In Wanaka sind wir dann schlussendlich erst gegen späten Nachmittag angekommen und haben uns nur noch ein bischen in die Sonne am Seeufer gesetzt.
Wanaka am Abend
Nach einer kleinen Shoppingtour in Wanaka am nächsten Tag sind wir weiter nach Arrowtown gefahren, dass im Herbst besonders schön sein soll, da es in einem Tal liegt, an dessen Hängen fast nur Laubbäume wachsen, die sich dann alle verfärben. Da wir aber schon im Spätsommer hier waren haben wir es nur erahnen können. Da der Ort selber aber durch seine kleinen alten Häuser recht niedlich ist haben wir hier angehalten, Mittag gegessen und uns noch ein bischen umgeschaut bevor es auch schon wieder weiter nach Queenstown, in das Action und Adrenalin Zentrum von Neuseeland, ging. Da wir dort am Parkplatz angelangt fest stellen mussten, dass mein Geldbeutel mit all unserem Geld nicht mehr da ist, mussten wir noch mal nach Arrowtown zurück fahren und haben ihn da glücklicherweiße im Cafe wieder gefunden. Da es aber dadurch schon recht spät war, waren wir nur noch kurz in Queenstwon unterwegs und sind dann weiter südlich nach Te Anau gefahren, damit wir am nächsten Tag zum bekannten Milford Sound fahren konnten.
Als wir dann am nächsten Tag früh aufgestanden sind, um die vielen großen Reisebuse auf der Strecke zu vermeiden, war das Wetter leider sehr regnersich. Unglücklicherweiße wurde das Wetter auch beim Milford Sound nicht besser, sodass wir nicht viel gesehn haben und nach einem Kaffee auch schon wieder die zwei Stunden zurück gefahren sind. Einen Vorteil hatte das Wetter aber, den durch den vielen Regen hat man von der Straße aus jede Menge Wasserfälle die steilen Wände runter schießen sehn, die bei gutem Wetter nicht da sind. Kurz bevor wir dann wieder zurück waren hatte sich der Regnen dann doch verzogen und wir konnten noch einen kleinen Spaziergang um einen See machen.

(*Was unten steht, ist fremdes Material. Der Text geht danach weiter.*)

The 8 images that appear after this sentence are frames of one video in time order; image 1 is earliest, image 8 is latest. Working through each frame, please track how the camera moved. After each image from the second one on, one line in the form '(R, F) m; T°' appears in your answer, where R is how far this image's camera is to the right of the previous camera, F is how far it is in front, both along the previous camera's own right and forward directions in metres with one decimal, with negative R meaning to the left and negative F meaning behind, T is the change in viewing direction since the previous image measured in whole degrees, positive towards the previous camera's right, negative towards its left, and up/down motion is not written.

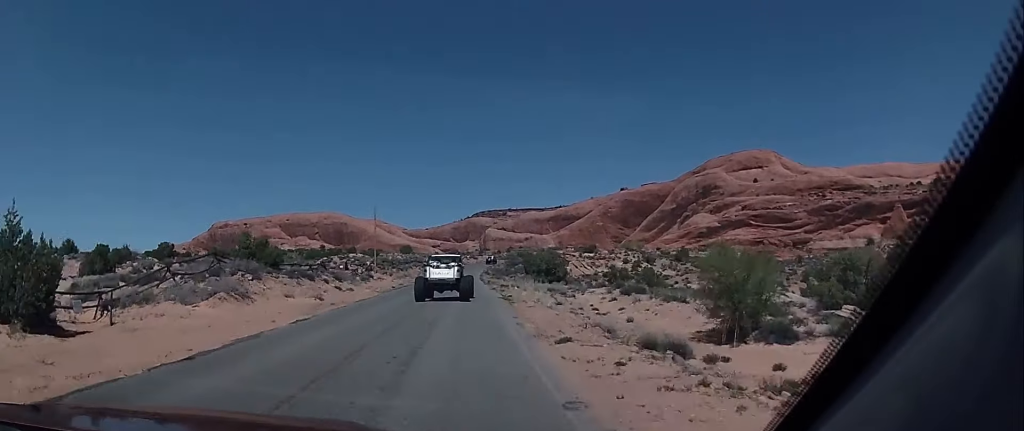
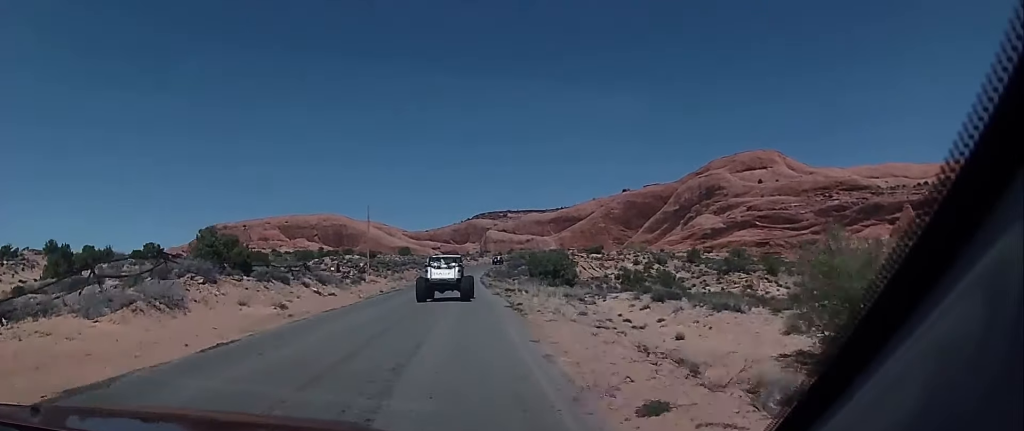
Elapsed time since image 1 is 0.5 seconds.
(-0.1, +6.7) m; -1°
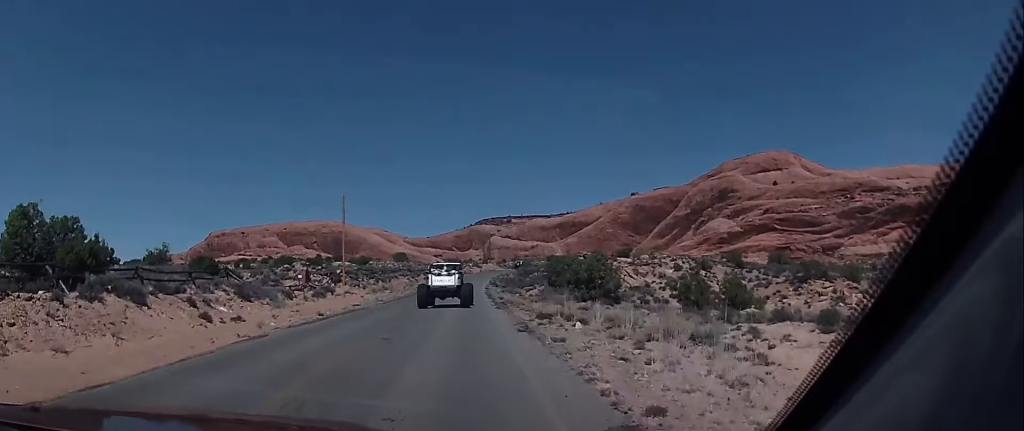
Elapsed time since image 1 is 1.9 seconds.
(-0.4, +20.1) m; -2°
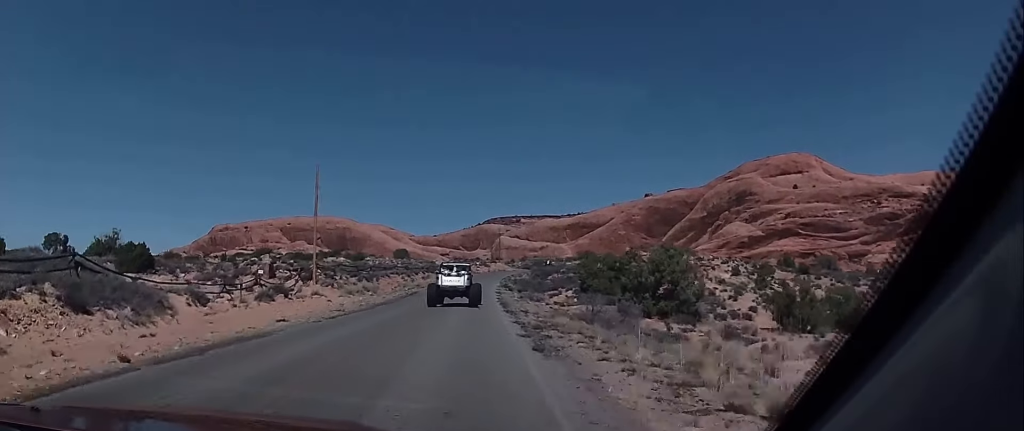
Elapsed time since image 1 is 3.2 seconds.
(-0.2, +17.5) m; 0°
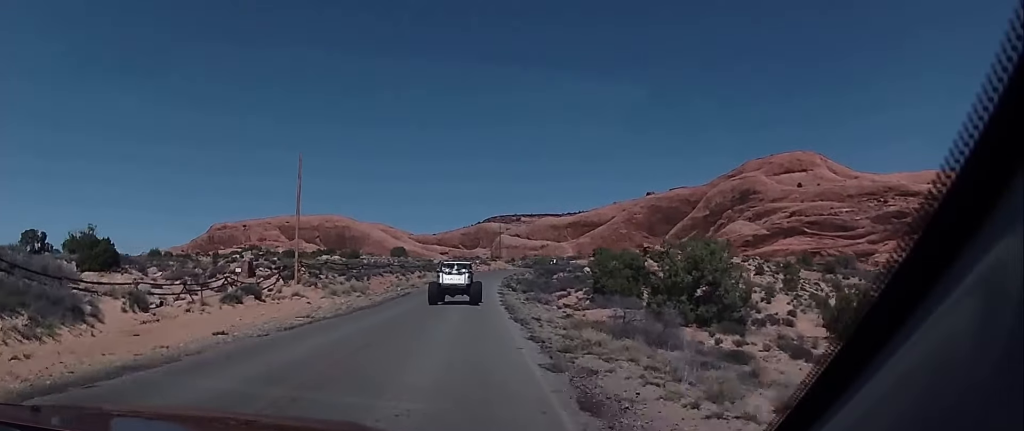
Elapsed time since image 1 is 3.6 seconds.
(+0.1, +6.2) m; 0°
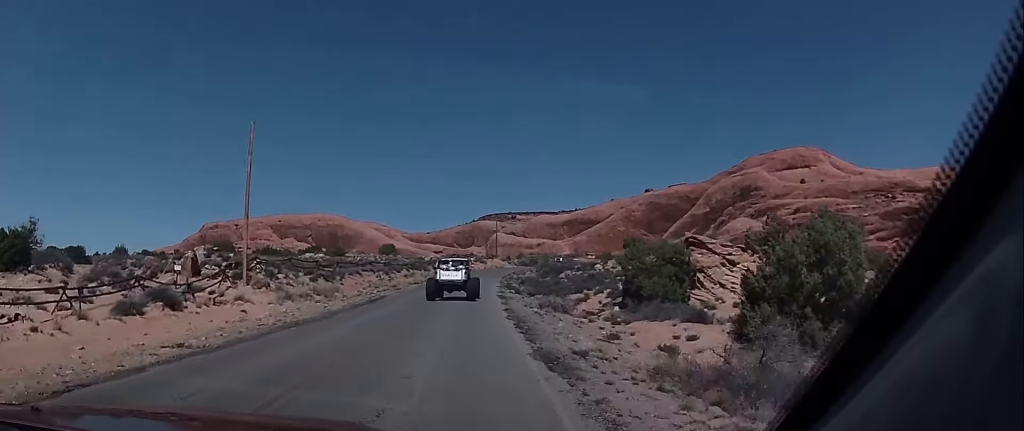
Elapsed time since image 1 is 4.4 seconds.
(+0.1, +11.2) m; +1°
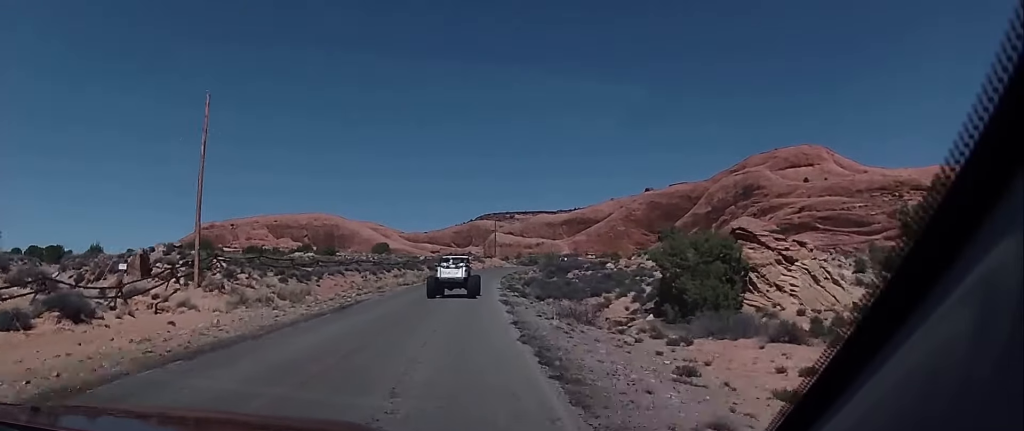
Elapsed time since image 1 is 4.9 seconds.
(0.0, +7.2) m; 0°
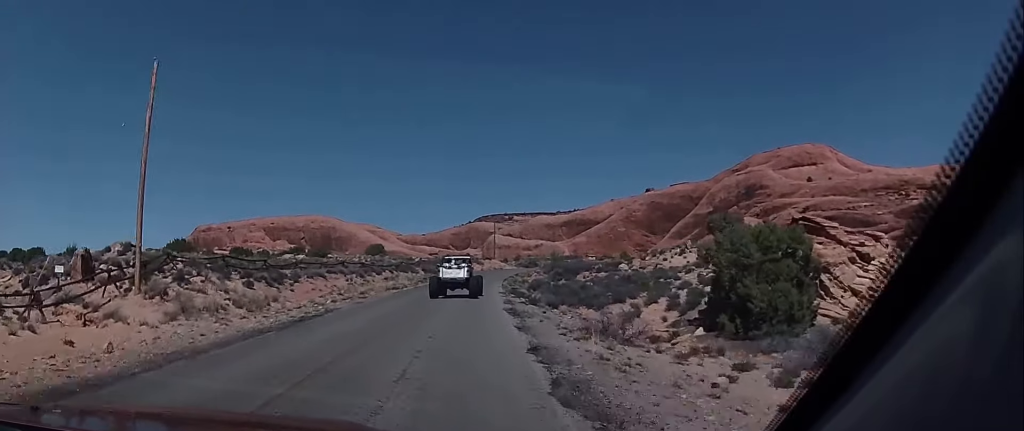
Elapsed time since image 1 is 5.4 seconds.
(0.0, +6.7) m; 0°
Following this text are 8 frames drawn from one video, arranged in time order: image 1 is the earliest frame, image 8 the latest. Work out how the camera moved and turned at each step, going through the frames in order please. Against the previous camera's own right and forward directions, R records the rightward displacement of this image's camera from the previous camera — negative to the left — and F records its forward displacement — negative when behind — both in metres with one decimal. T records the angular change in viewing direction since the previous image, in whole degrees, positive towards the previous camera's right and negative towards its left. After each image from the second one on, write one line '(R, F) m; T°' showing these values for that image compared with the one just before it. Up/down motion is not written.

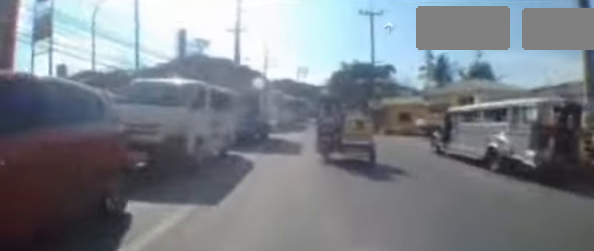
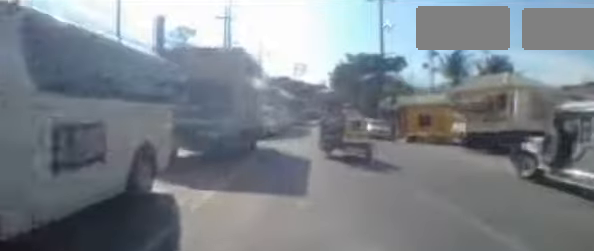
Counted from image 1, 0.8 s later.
(-0.4, +5.2) m; -5°
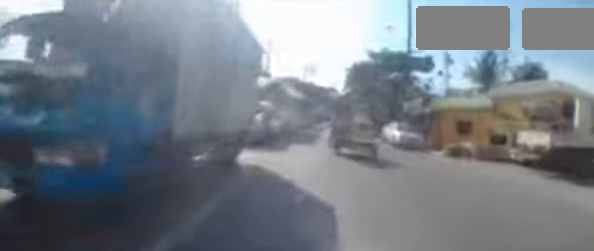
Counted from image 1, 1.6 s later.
(-0.1, +4.8) m; -1°
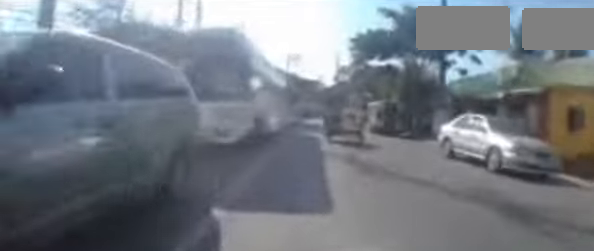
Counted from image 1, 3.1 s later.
(0.0, +9.9) m; +5°
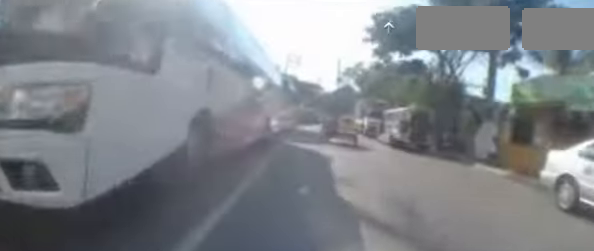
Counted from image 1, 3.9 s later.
(+0.5, +5.1) m; +5°
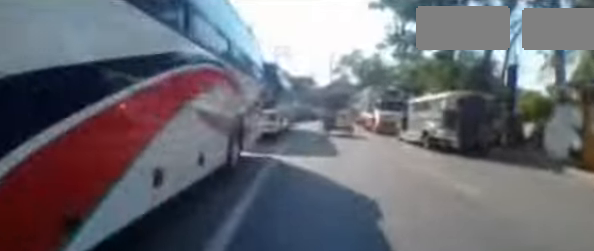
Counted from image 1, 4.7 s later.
(+0.1, +4.8) m; +1°
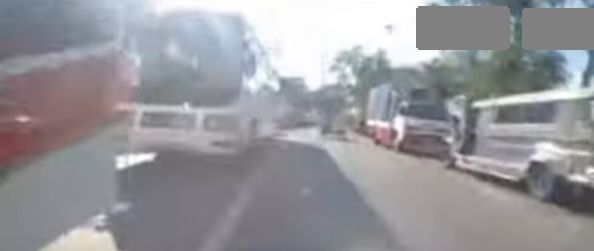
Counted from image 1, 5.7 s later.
(0.0, +5.9) m; -1°
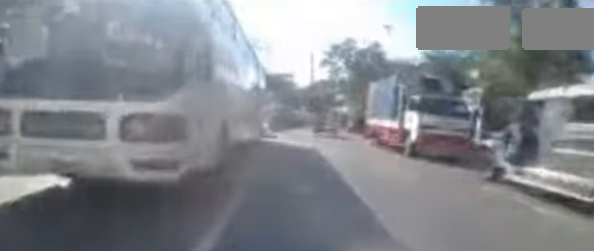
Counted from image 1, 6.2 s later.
(0.0, +2.3) m; 0°
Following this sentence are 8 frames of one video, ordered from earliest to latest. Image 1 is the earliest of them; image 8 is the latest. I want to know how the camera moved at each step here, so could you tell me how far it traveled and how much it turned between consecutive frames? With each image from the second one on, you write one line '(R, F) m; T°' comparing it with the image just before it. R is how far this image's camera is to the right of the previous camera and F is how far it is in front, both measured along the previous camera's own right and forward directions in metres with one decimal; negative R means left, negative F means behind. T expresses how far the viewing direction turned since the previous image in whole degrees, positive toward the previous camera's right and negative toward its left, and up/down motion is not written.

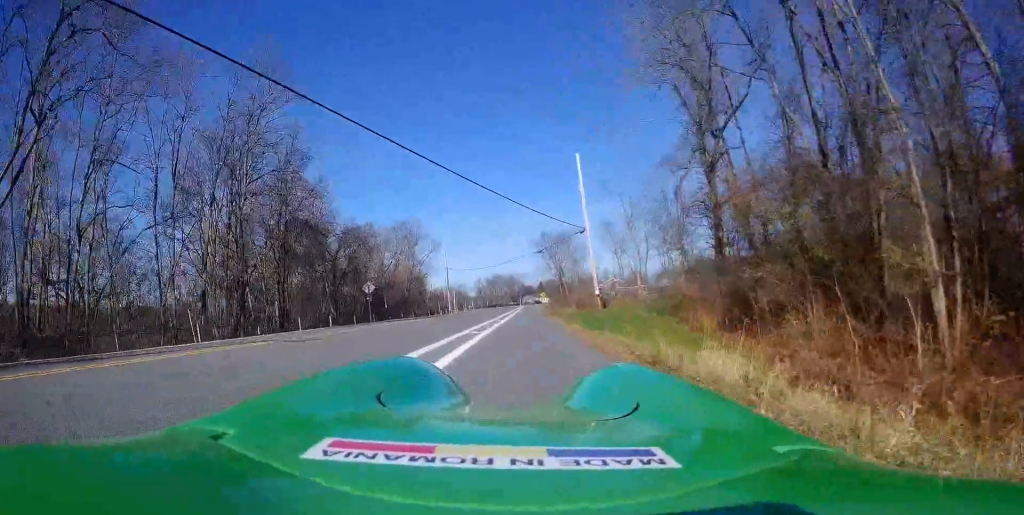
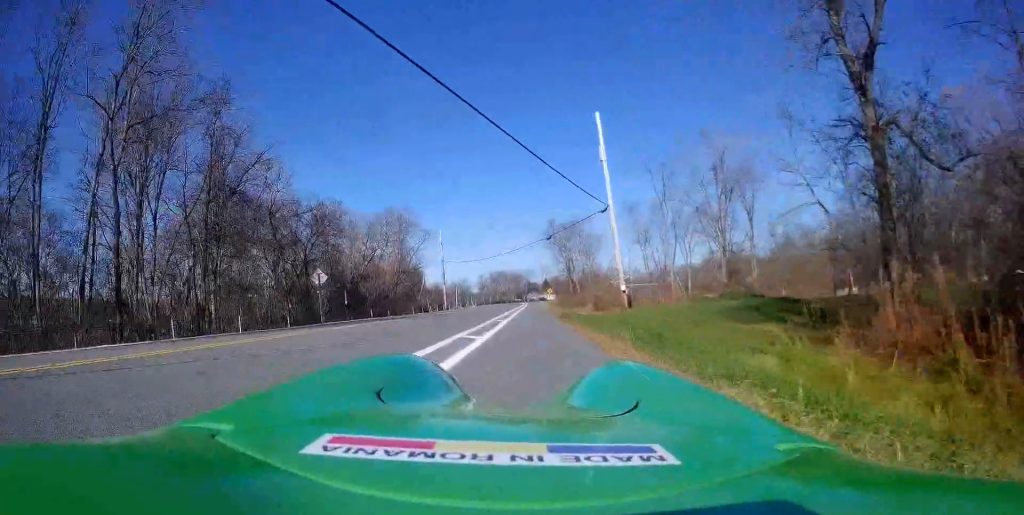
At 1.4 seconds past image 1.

Regenbogen über dem Lake Te Anau




Von Te Anau gings es wieder weiter zurück ans Meer, in die Catlins, dem südlichsten Teil des Festlandes Neuseeland, den noch südlicher gibt es nur noch Stewart Island. Drei Tage waren wir in den Catlins unterwegs und haben nicht nur tolle Wasserfälle und andere schöne Natur gesehn sondern auch allerlei von der heimischen Tierwelt zu Gesicht bekommen u.a. Delphine, Seelöwen und Pinguine.


Neuseeländische Seelöwen

Abendessen mit Ausblick

Gelbaugenpinguin

fossiler Wald

Mc Leans Falls
Von den Catlins aus mussten wir uns beilen wieder zurück nach Christchurch zukommen, wo in zwei Tagen der Flieger für Mami und Ilse nach Deutschland zurück und für die Alexandra nach Australien weiter ging. Deshalb haben wir nur noch eine Nacht in Dunedin verbracht und uns dort in der Stadt ein bischen ungeschaut, die durch ihre Gebäude und Pubszene im Gegensatz zu den meisten Städten hier auch in England liegen könnte.
Die letzte Nacht haben wir dann in Christchurch verbracht, durch die beiden großen Erdbeben, kann man leider nicht  mehr in das jetzt abgezäunte Stadtzentrum gelanegn, in dem die Christchurch Cathedral, das Wahrzeichen Christchurchs, steht.
Am nächsten Tag hab ich dann Ilse und Mami mittags an den Flughafen gebracht und bin zusammen mit der Alexandra auf einen abgelegenen Parkplatz gefahren, da sie mir meinen Van im Neuseeland Sytle besprüht hat. Erst am Abend hab ich sie dann auch zum Flughafen gebracht. Und so war ich wieder allein in meinem Van, daran musste ich mich nach so viel Gesellschaft auf einmal auch erst wieder gewöhnen.